Without prejudice to any other provisions of this Charter, an Ordinary Shareholder shall have the following rights:7
to participate and discuss in all Shareholder Meeting and vote directly or via proxy, each Ordinary Share carries one vote;
to receive dividends at the rate decided by the Shareholder Meeting;
to be given priority in subscribing for new Shares offered for sales in proportion to his Ordinary Shares of the Company;
to check, review and extract information from the list of Shareholders with voting rights and request for correction of any inaccurate information;
to check, review and extract or copy the Charter, Minute Book and other resolutions of Shareholder Meeting;
to receive part of the remaining property in proportion to his Shares in the Company when the Company is dissolved or bankrupted;
to nominate Board Member and Supervisor. Each Ordinary Shareholder shall be entitled to nominate one Board Member and one Supervisor. To the fullest extent permitted by the Laws, a person who is nominated as a Board Member by a Shareholder may be nominated as other Board Members by other Shareholder however he shall not be nominated as Board Members by all Shareholders;8
to request the Board of Supervision to examine specific issue in relation to the management and operation of the Company if necessary. The request must be in writing.

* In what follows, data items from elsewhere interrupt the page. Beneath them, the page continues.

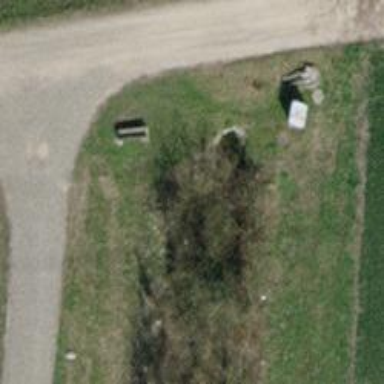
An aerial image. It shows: Brown bench.
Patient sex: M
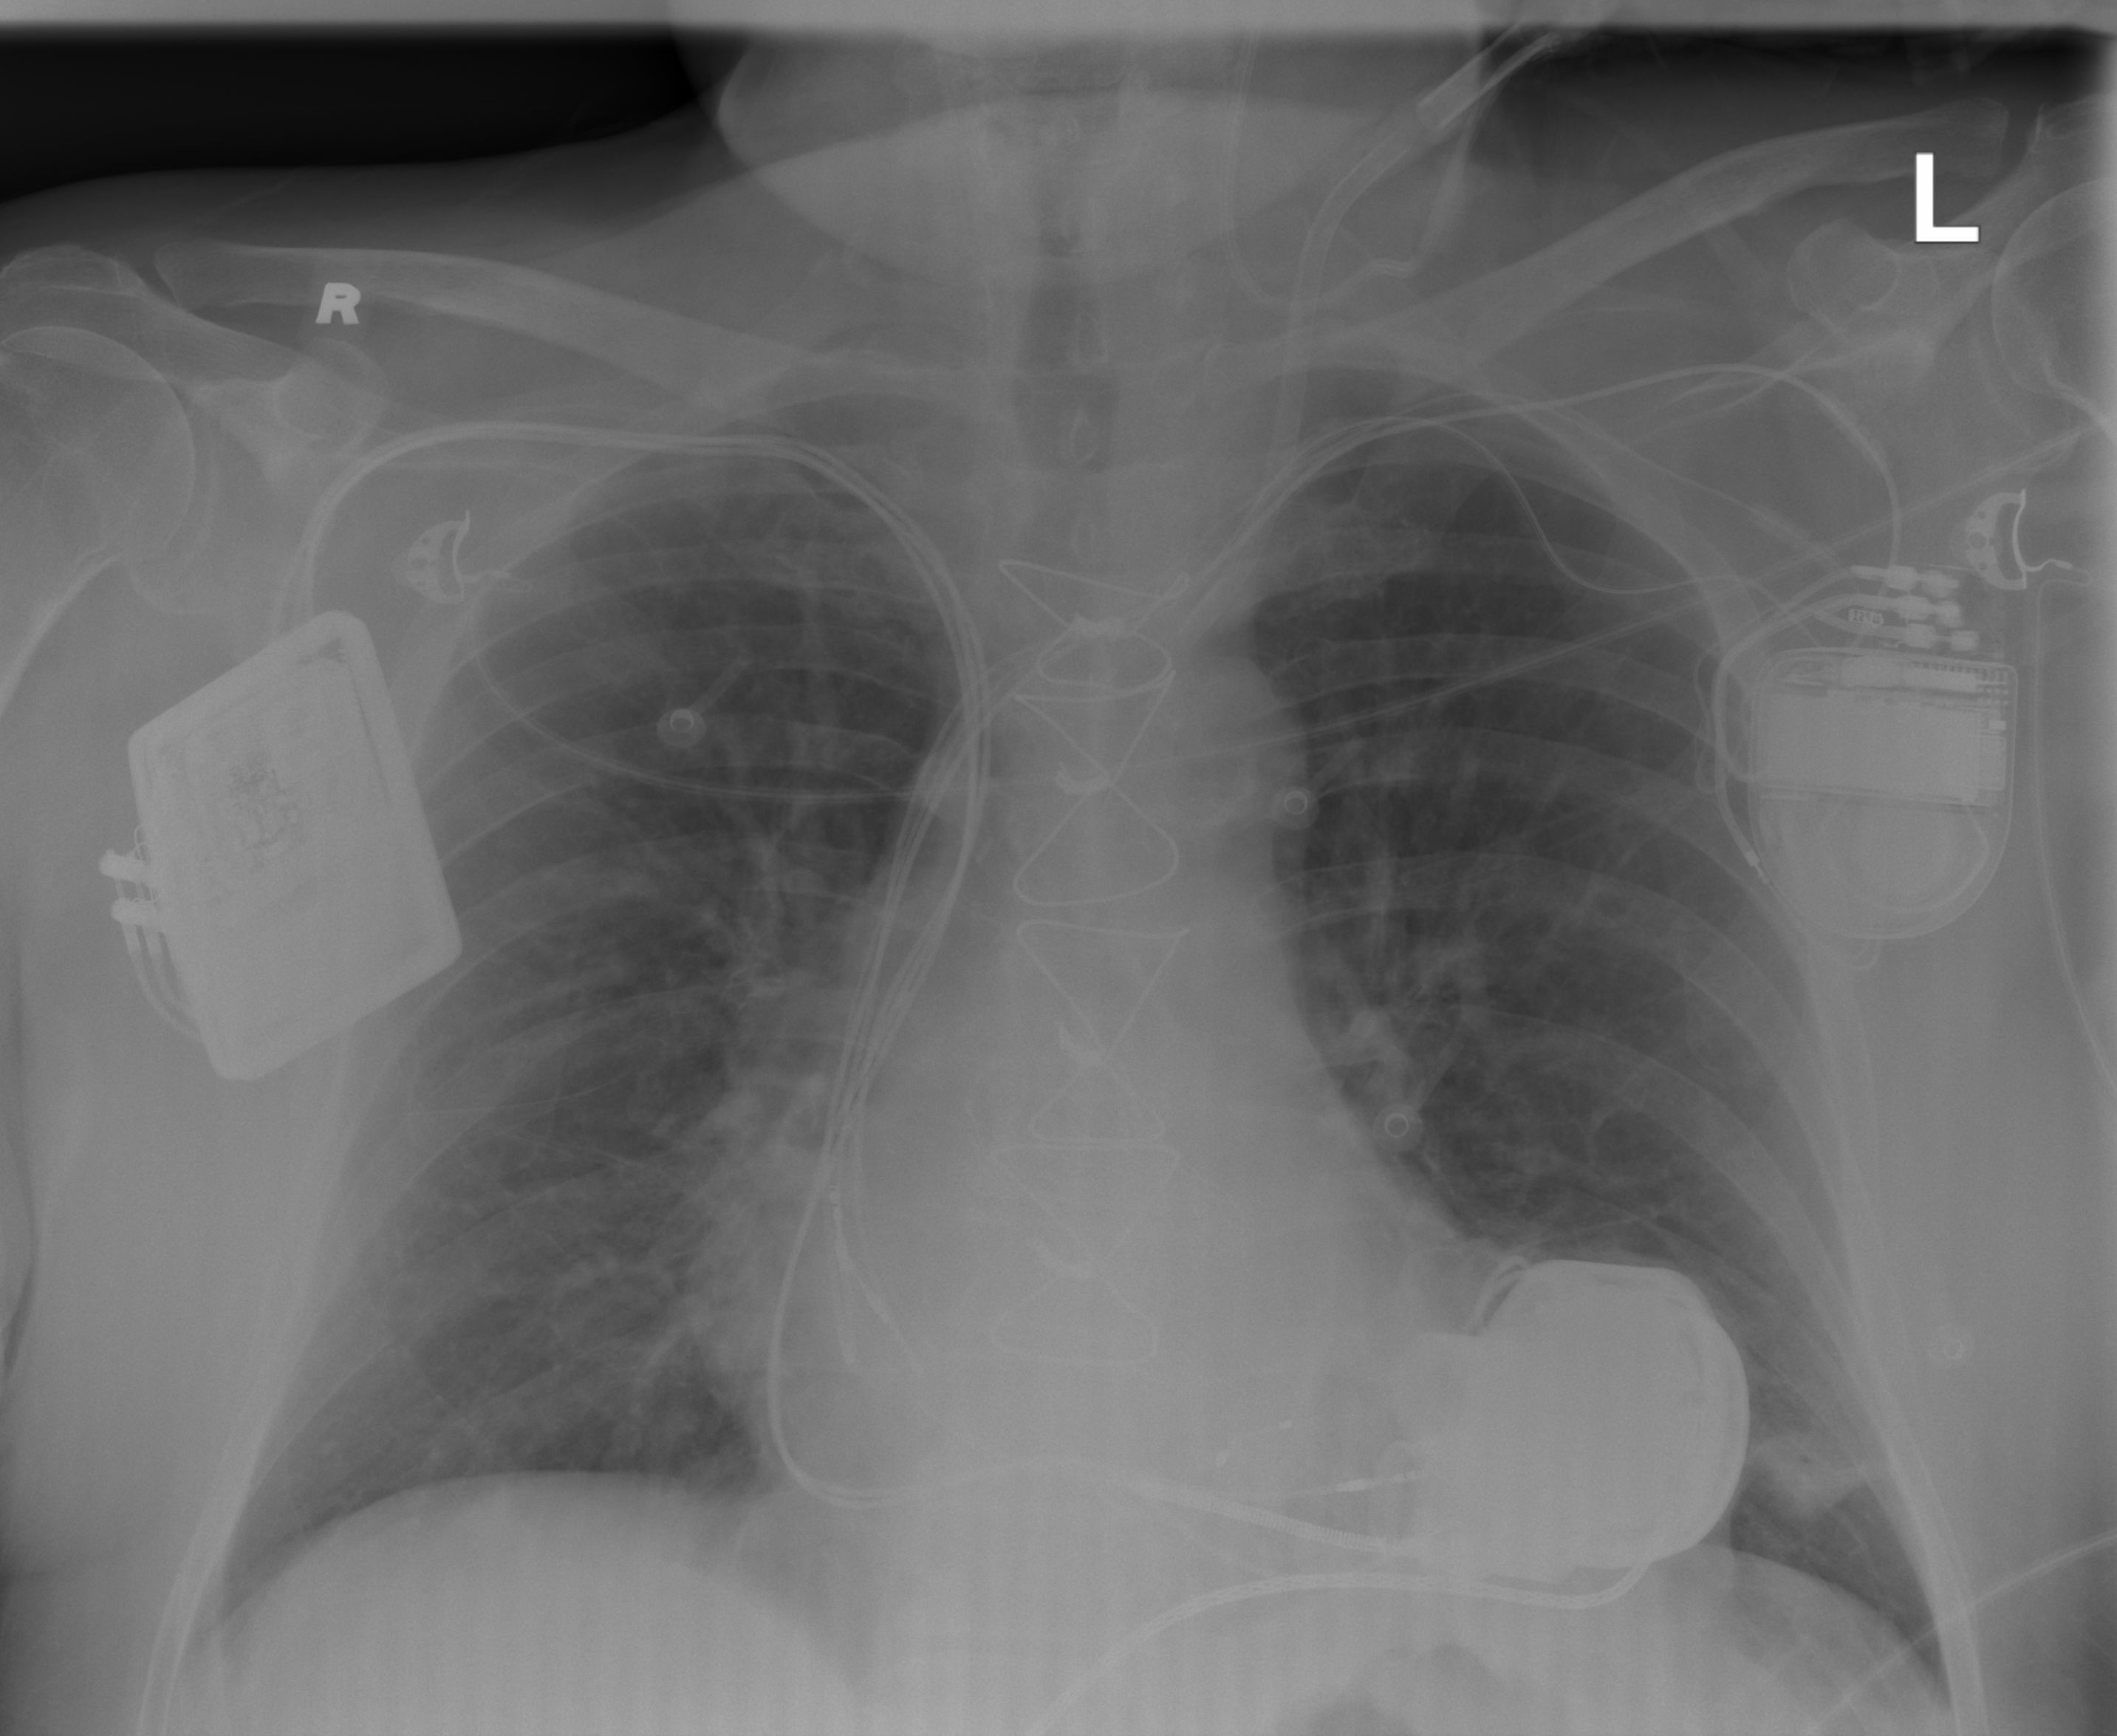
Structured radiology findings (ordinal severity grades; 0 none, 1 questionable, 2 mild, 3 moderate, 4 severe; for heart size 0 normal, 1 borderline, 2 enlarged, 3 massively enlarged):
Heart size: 0
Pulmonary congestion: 0
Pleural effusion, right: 0
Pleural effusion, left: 0
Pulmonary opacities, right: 0
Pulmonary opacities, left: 0
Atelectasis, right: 0
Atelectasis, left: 2
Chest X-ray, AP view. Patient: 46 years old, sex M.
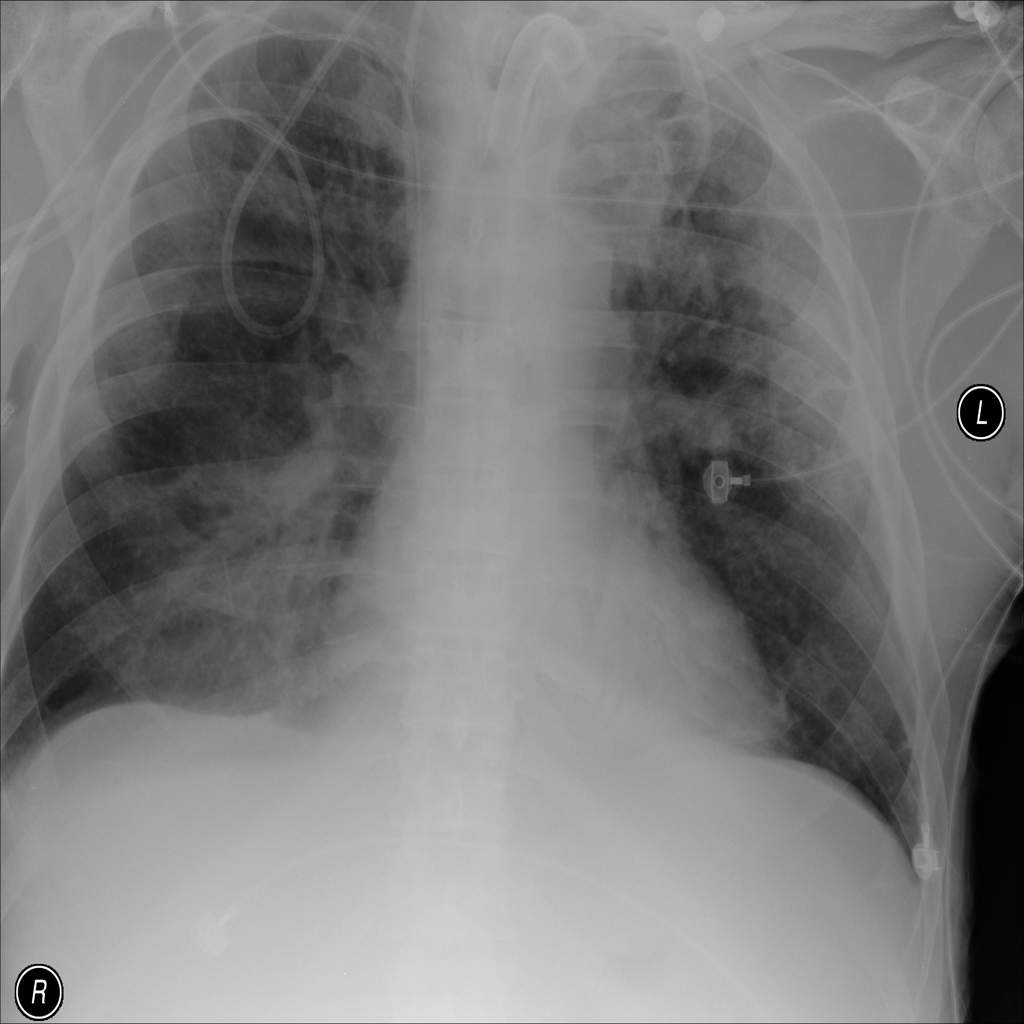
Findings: No Finding
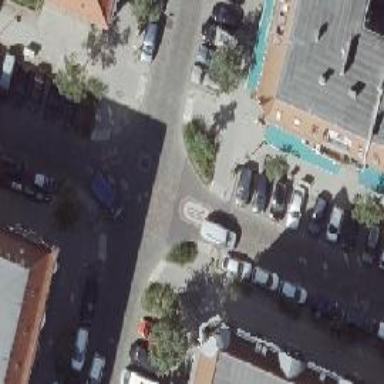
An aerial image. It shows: Unmarked crossing with kerb extensions on both sides of the road.
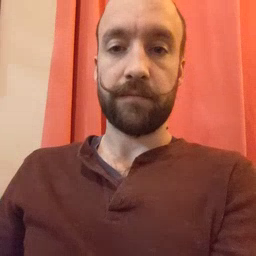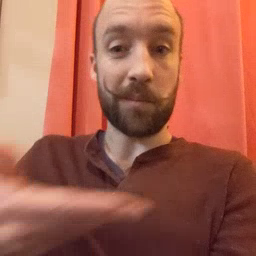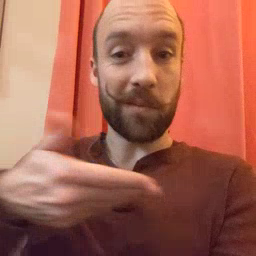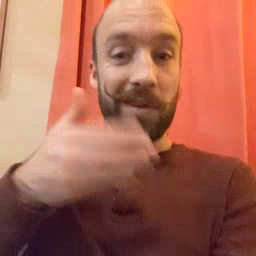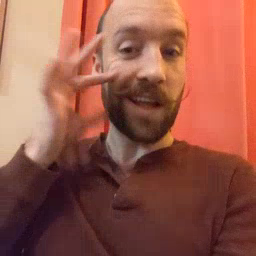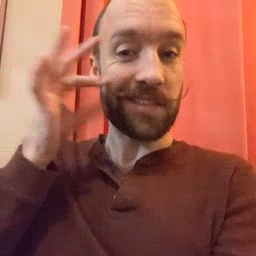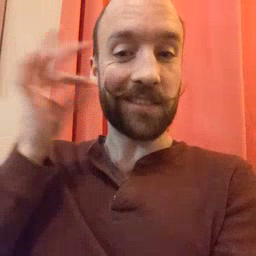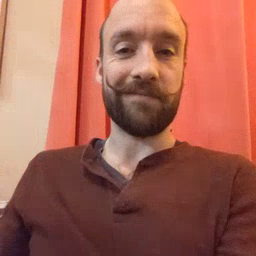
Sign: kitty
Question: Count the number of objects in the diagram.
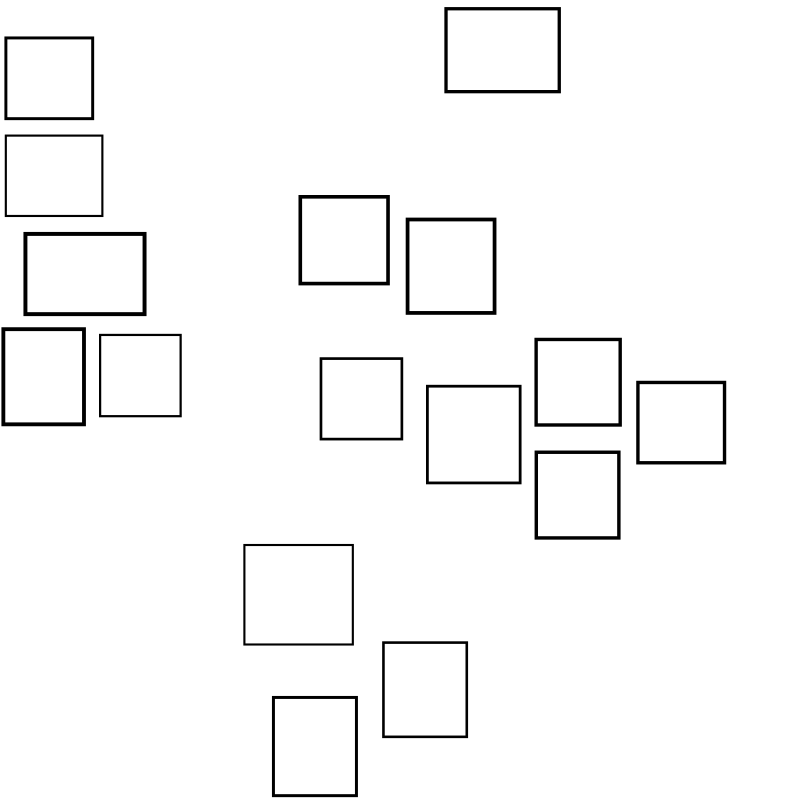
Answer: 16
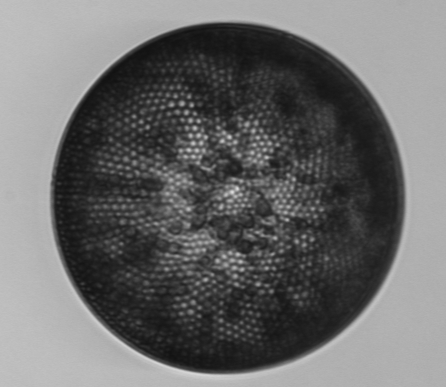
Label: Coscinodiscus
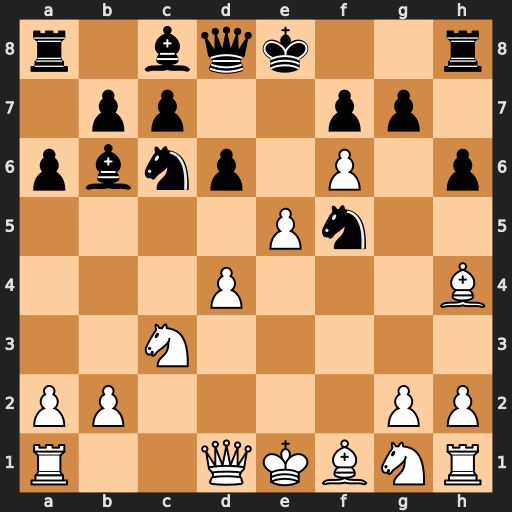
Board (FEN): r1bqk2r/1pp2pp1/pbnp1P1p/4Pn2/3P3B/2N5/PP4PP/R2QKBNR
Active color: w
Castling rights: KQkq
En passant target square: -
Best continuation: fxg7 Qxh4+ g3 Rg8 gxh4
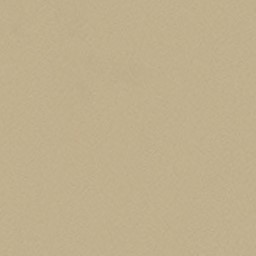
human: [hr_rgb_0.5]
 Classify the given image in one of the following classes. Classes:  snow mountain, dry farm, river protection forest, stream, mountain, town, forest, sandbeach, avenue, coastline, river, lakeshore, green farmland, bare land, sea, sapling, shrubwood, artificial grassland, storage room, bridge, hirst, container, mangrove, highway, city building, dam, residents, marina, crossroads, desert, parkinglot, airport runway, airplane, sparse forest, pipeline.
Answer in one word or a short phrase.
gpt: desert
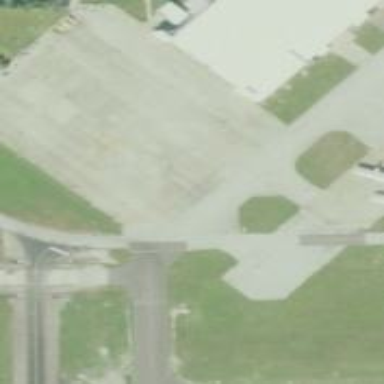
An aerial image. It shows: View of taxiway at the airport.
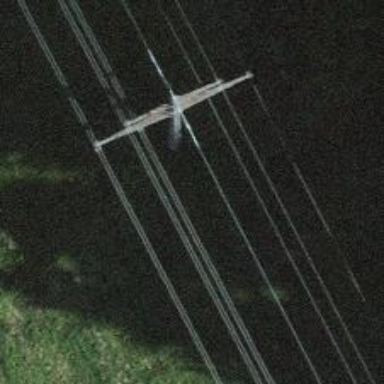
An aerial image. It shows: Power tower.
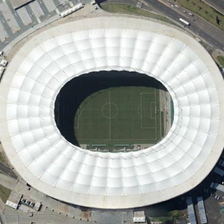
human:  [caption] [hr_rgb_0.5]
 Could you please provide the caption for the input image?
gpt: a football field is in the middle of a white oval stadium .

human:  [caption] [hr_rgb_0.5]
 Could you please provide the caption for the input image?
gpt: a football field is in the middle of a white oval stadium .

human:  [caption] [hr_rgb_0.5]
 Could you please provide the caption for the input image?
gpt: a football field is in the middle of a white oval stadium .

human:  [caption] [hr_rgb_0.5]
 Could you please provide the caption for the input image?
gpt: a football field is in the middle of a white oval stadium .

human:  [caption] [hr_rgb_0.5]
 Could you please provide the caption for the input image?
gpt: a football field is in the middle of a white oval stadium .
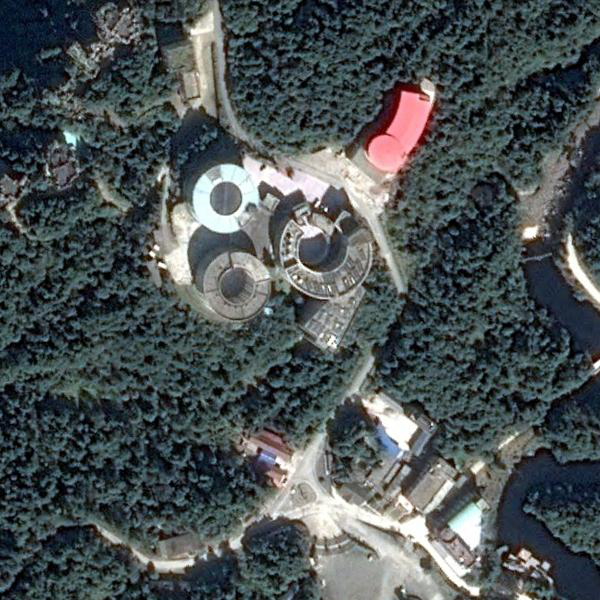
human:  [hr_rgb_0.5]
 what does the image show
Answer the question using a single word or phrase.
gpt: sparse residential
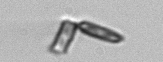
Label: Thalassionema
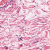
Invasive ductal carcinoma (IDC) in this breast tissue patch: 0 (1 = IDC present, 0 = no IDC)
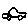
Label: car
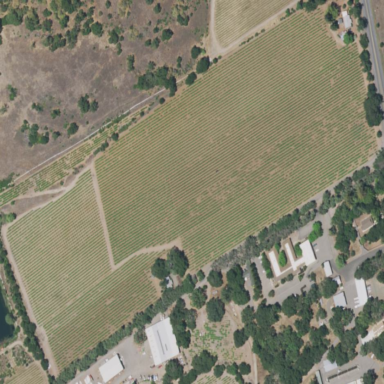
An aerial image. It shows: Vineyard with grape crops.
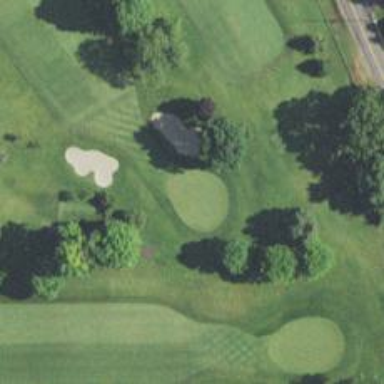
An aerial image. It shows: Golf hole.
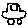
Label: car
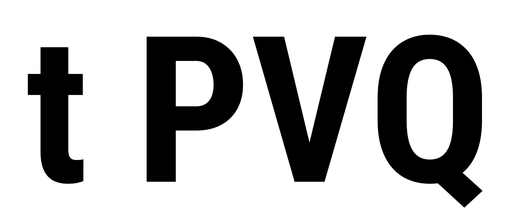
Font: Roboto_Condensed_Bold
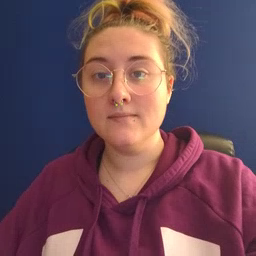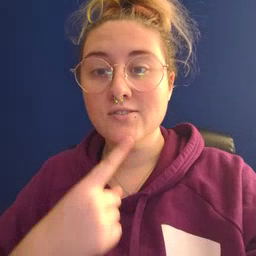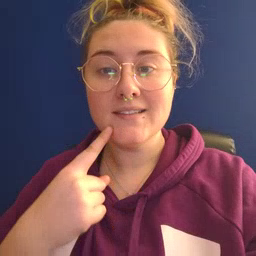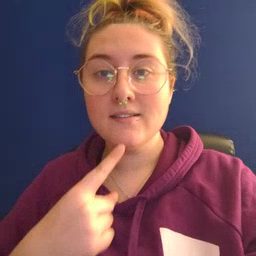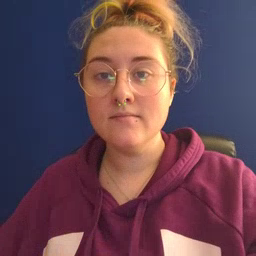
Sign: chin

To call for the Shareholder Meeting in any following cases:
The Board of Management seriously violates the rights of Shareholders, duties of managers or makes decisions beyond its power; and
The term of the Board of Management is expired more than 06 months and no election for the new Board of Management is held.
Such request must be made in writing enclosed with the documents, evidence proving the violations of the Board of Management, seriousness of the said violations and the defective decisions.
Obligations of Ordinary Shareholders
Without prejudice to any other provisions of this Charter, an Ordinary Shareholder must:
make full payment to the Company for the subscribed Shares within 90 (ninety) days from the issuance date of the Investment Certificate and be liable for debts and other liabilities of the Company to the extent of the paid-up Shares;
not be entitled to withdraw the paid-up capital made in form of Ordinary Shares unless otherwise those Shares are bought back by the Company or transferred to another person. If the paid-up capital in form of Ordinary Shares is withdrawn partially or wholly by a Shareholder in contrary to this Article 9.1, Board Member and the Legal Representative of the Company shall be jointly liable to debts and other obligations of the Company to the extent of the revoked capital;
comply with the Charter and internal rules of the Company;
Comply with other obligations in accordance with the Laws and the Charter; and
obtain prior approval from a Preference Shareholder in writing, for the following, before the resolution by the Shareholder Meeting ;
amendment and/or repeal or alteration of the Company Charter;
sale, lease, exchange, mortgage, pledge or any disposition in equivalent to % or more of the total value of assets recorded in the latest financial report of the Company including the goodwill of the Company;
incurring and creating indebtedness and issuance of new shares or securities;
merger or consolidation of the Company with any other company, or acquisition of the shares or assets of another entity, or entering into a joint venture;
investment of corporate funds in any other corporation or new business or for any purpose other than the primary purpose for which it was organized;
filing of a petition for voluntary reorganization or suspension of payment of its obligations, or an application for the appointment of a receiver or trustee itself or for any part of its properties or an application for the liquidation or dissolution of the Company, or a partial suspension of business operation;
appointment or removal of Board Member, Supervisor, and external auditors;
approval of any sale or disposition of strategic assets or transfer of shares of any subsidiary (including a contribution to a joint venture).
declaration of dividends;
any action which is not in consonance with the declared economic policies of the Company;
the creation of reserves;
the modification or reversal of any decision made or taken by the Board of Directors; and
the determination of the compensation of the Board of Directors.
Within 90 days from the issuance date of the Investment Certificate, the Company must send a notice of the Share payment to the Licensing Authority.
The legal representative of the Company shall be individually liable for any damage to the Company if there is any delay in sending the notice, or inaccurate and dishonest notice.
In case where a Founding Shareholder fails to make payment for his/her subscribed Shares, the unpaid Shares shall be:
paid up by the other Founding Shareholders in proportion to their shareholding;
paid up by the other Founding Shareholders; and
paid up by other persons who are not Founding Shareholders. Those persons shall then become the Founding Shareholders of the Company. In this case, the Founding Shareholders who have not yet made payment of subscribed Shares are no longer Founding Shareholders.